### Work request
Please transcribe, word for word, the line containing "#2684=CIRCLE('',#34111,10.);" and every line after it through the end of the records below, and nothing else.

[Start of section]

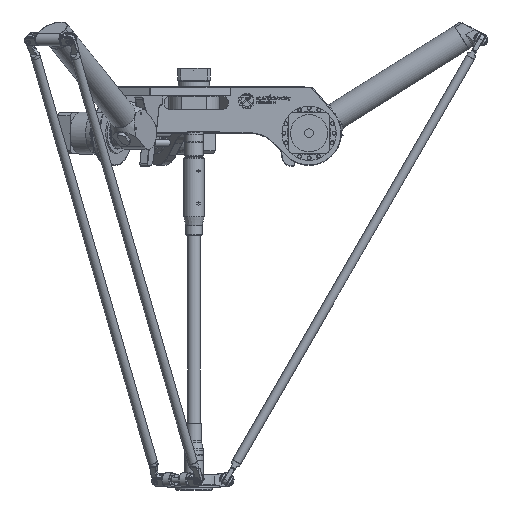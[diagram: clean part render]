
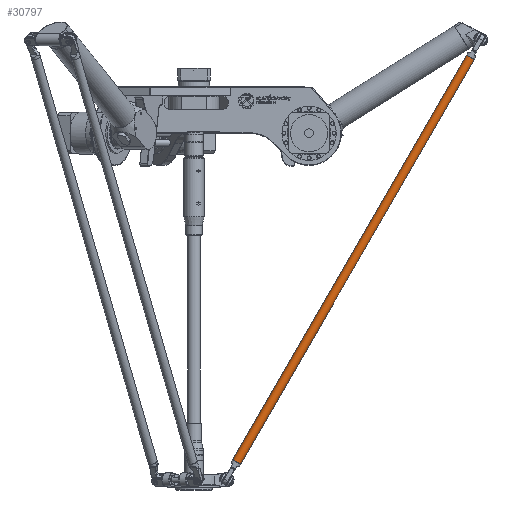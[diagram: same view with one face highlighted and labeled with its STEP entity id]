
A CAD part, front view. The second image highlights one B-rep face of the part: STEP entity #30797.
In plain terms, the highlighted cylindrical face has radius 10 mm (diameter 20 mm), a full revolution.
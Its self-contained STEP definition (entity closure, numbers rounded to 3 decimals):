
#1224=FACE_BOUND('',#7583,.T.);
#2680=CIRCLE('',#34099,10.);
#2684=CIRCLE('',#34111,10.);
#3282=CYLINDRICAL_SURFACE('',#34193,10.);
#5094=FACE_OUTER_BOUND('',#7582,.T.);
#7582=EDGE_LOOP('',(#27011));
#7583=EDGE_LOOP('',(#27012));
#15035=VERTEX_POINT('',#59895);
#15046=VERTEX_POINT('',#59920);
#18984=EDGE_CURVE('',#15035,#15035,#2680,.T.);
#18995=EDGE_CURVE('',#15046,#15046,#2684,.T.);
#27011=ORIENTED_EDGE('',*,*,#18984,.T.);
#27012=ORIENTED_EDGE('',*,*,#18995,.T.);
#30797=ADVANCED_FACE('',(#5094,#1224),#3282,.T.);
#34099=AXIS2_PLACEMENT_3D('',#59896,#42541,#42542);
#34111=AXIS2_PLACEMENT_3D('',#59921,#42567,#42568);
#34193=AXIS2_PLACEMENT_3D('',#60177,#42796,#42797);
#42541=DIRECTION('center_axis',(-1.,0.,0.));
#42542=DIRECTION('ref_axis',(0.,0.,1.));
#42567=DIRECTION('center_axis',(1.,0.,0.));
#42568=DIRECTION('ref_axis',(0.,0.,1.));
#42796=DIRECTION('center_axis',(-1.,0.,0.));
#42797=DIRECTION('ref_axis',(0.,0.,1.));
#59895=CARTESIAN_POINT('',(1059.9,10.,0.));
#59896=CARTESIAN_POINT('Origin',(1059.9,0.,0.));
#59920=CARTESIAN_POINT('',(45.1,10.,0.));
#59921=CARTESIAN_POINT('Origin',(45.1,0.,0.));
#60177=CARTESIAN_POINT('Origin',(45.,0.,0.));

[End of section]

### Response to the exercise
#2684=CIRCLE('',#34111,10.);
#3282=CYLINDRICAL_SURFACE('',#34193,10.);
#5094=FACE_OUTER_BOUND('',#7582,.T.);
#7582=EDGE_LOOP('',(#27011));
#7583=EDGE_LOOP('',(#27012));
#15035=VERTEX_POINT('',#59895);
#15046=VERTEX_POINT('',#59920);
#18984=EDGE_CURVE('',#15035,#15035,#2680,.T.);
#18995=EDGE_CURVE('',#15046,#15046,#2684,.T.);
#27011=ORIENTED_EDGE('',*,*,#18984,.T.);
#27012=ORIENTED_EDGE('',*,*,#18995,.T.);
#30797=ADVANCED_FACE('',(#5094,#1224),#3282,.T.);
#34099=AXIS2_PLACEMENT_3D('',#59896,#42541,#42542);
#34111=AXIS2_PLACEMENT_3D('',#59921,#42567,#42568);
#34193=AXIS2_PLACEMENT_3D('',#60177,#42796,#42797);
#42541=DIRECTION('center_axis',(-1.,0.,0.));
#42542=DIRECTION('ref_axis',(0.,0.,1.));
#42567=DIRECTION('center_axis',(1.,0.,0.));
#42568=DIRECTION('ref_axis',(0.,0.,1.));
#42796=DIRECTION('center_axis',(-1.,0.,0.));
#42797=DIRECTION('ref_axis',(0.,0.,1.));
#59895=CARTESIAN_POINT('',(1059.9,10.,0.));
#59896=CARTESIAN_POINT('Origin',(1059.9,0.,0.));
#59920=CARTESIAN_POINT('',(45.1,10.,0.));
#59921=CARTESIAN_POINT('Origin',(45.1,0.,0.));
#60177=CARTESIAN_POINT('Origin',(45.,0.,0.));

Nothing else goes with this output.